Design of biomimetic chylomicrons based on 1,3-diolein grafted hyaluronic acid to drive biomacromolecules across the intestinal mucosal barrier.

Oral delivery of biomacromolecule drugs faces significant challenges due to low absorption efficiency. Inspired by the natural absorption pathway of dietary triglycerides via chylomicrons, bionic nanoparticles based on 1,3-diolein grafted hyaluronic acid (HA-DOG) were developed to overcome the oral delivery barriers and influence of structural characteristics on the oral fate of exenatide were systematically investigated. Self-assembled exenatide nanocores (EAZ NPs) were encapsulated within HA-DOG to form core-shell nanoparticles (HA-DOG/EAZ NPs).

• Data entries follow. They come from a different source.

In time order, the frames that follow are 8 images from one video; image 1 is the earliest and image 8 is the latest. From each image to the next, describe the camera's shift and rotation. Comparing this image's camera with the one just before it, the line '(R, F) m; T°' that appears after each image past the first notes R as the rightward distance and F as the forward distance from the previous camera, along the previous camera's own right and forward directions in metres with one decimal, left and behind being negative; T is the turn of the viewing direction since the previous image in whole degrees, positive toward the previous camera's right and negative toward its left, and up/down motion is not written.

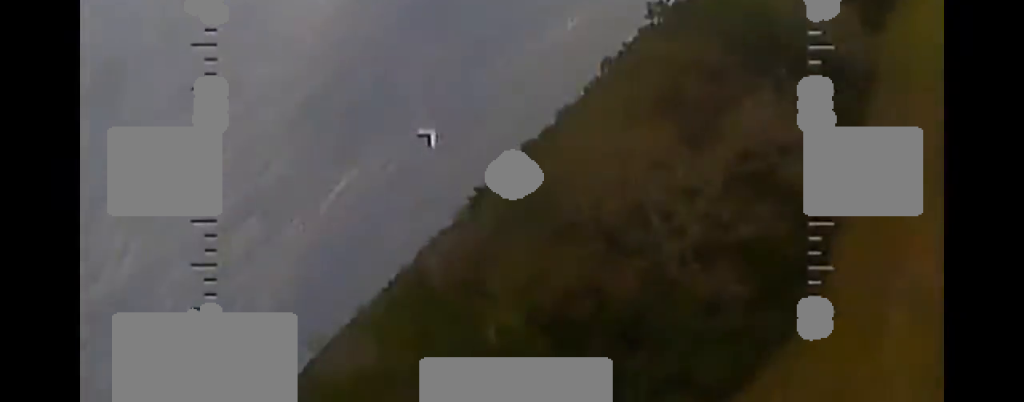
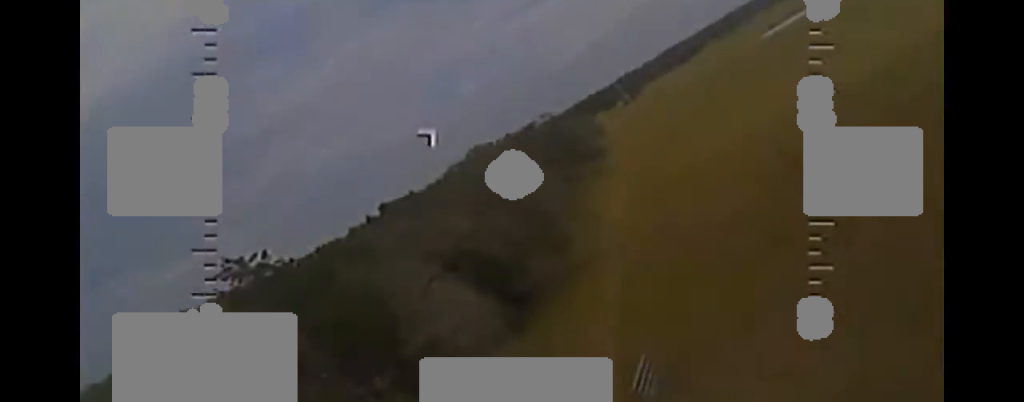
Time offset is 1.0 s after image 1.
(+1.3, +12.3) m; +30°
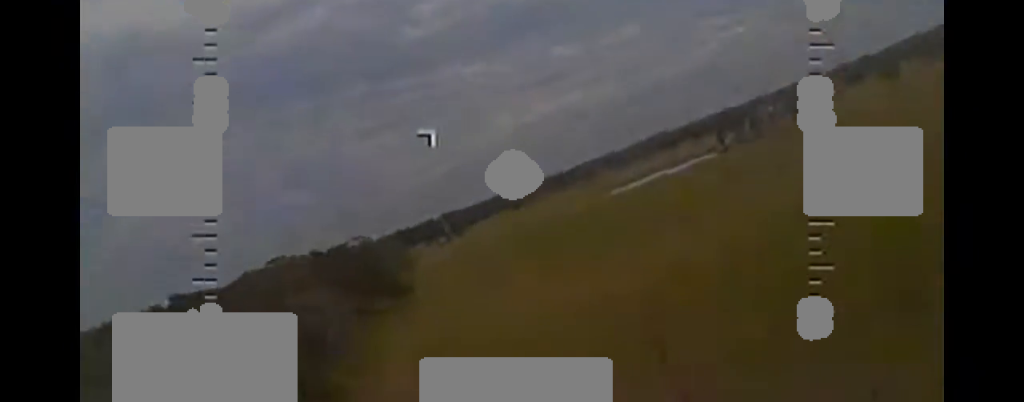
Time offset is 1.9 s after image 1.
(+4.1, +10.5) m; +27°
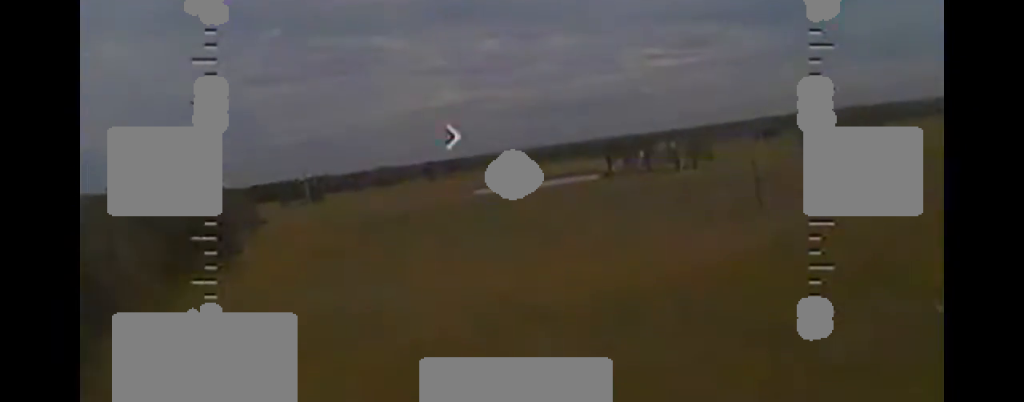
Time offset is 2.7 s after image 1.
(+1.6, +11.0) m; +9°
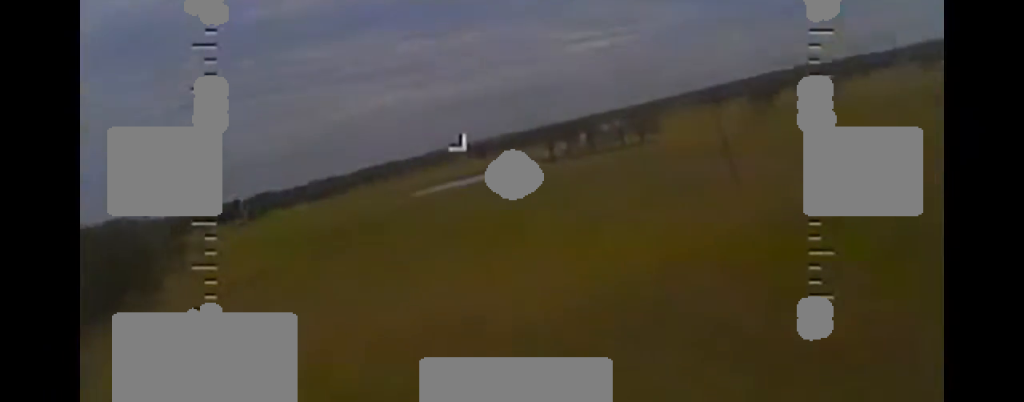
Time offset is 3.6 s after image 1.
(+0.8, +12.9) m; +2°
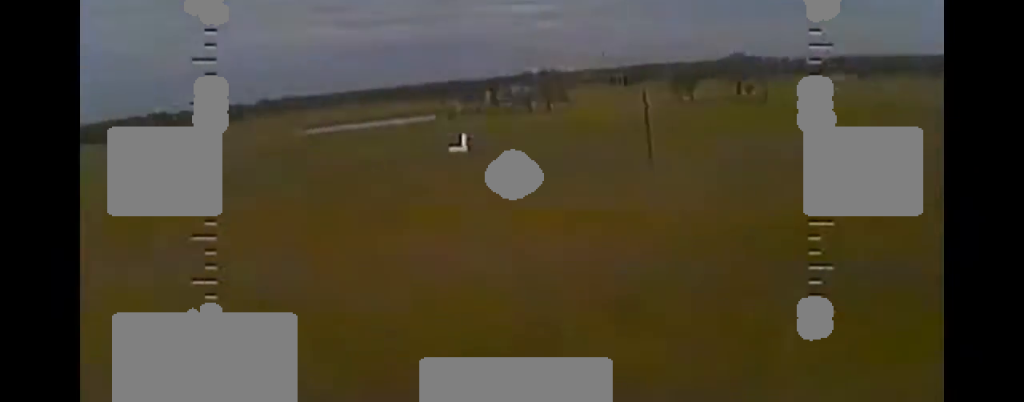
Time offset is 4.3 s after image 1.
(0.0, +12.2) m; +2°
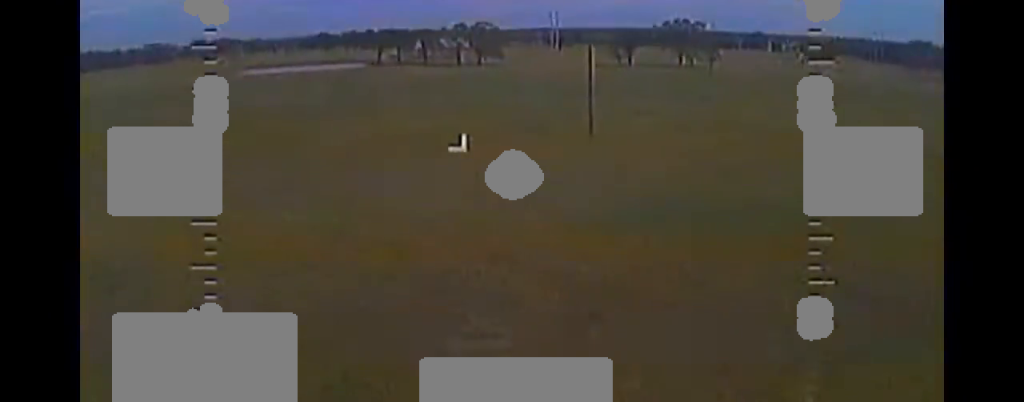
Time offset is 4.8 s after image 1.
(-0.7, +8.2) m; +3°
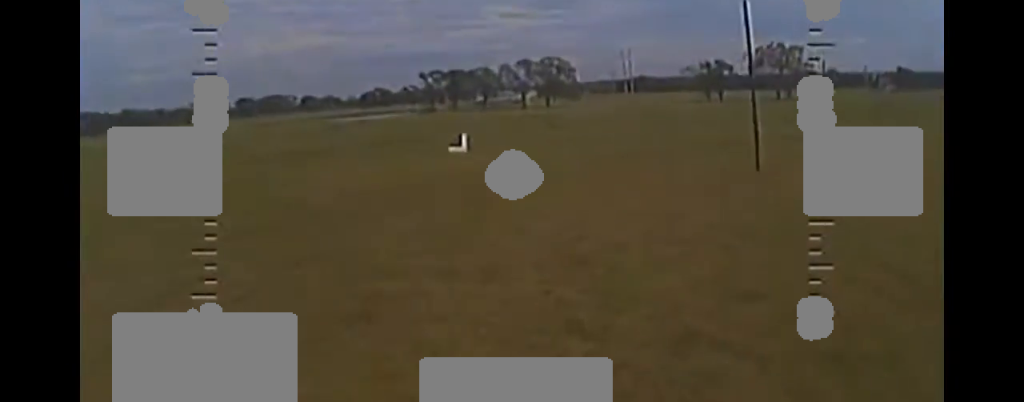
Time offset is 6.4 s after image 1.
(+3.1, +24.4) m; +6°

These nanoparticles demonstrated enhanced enzymatic stability and improved mucosal penetration, leading to a 5.6-fold increase in intestinal permeability compared to EAZ NPs alone. HA-DOG/EAZ NPs with high substitution degrees showed better lymphatic targeting and increased exenatide accumulation in the pancreas. In vivo studies revealed that HA-DOG/EAZ NPs achieved a 9.67 % pharmacological bioavailability and exhibited a persistent hypoglycemic effect in type 2 diabetic rats. This study presents a promising strategy for the oral delivery of biomacromolecule drugs, particularly GLP-1 receptor agonists, by mimicking the chylomicron pathway and overcoming key gastrointestinal barriers.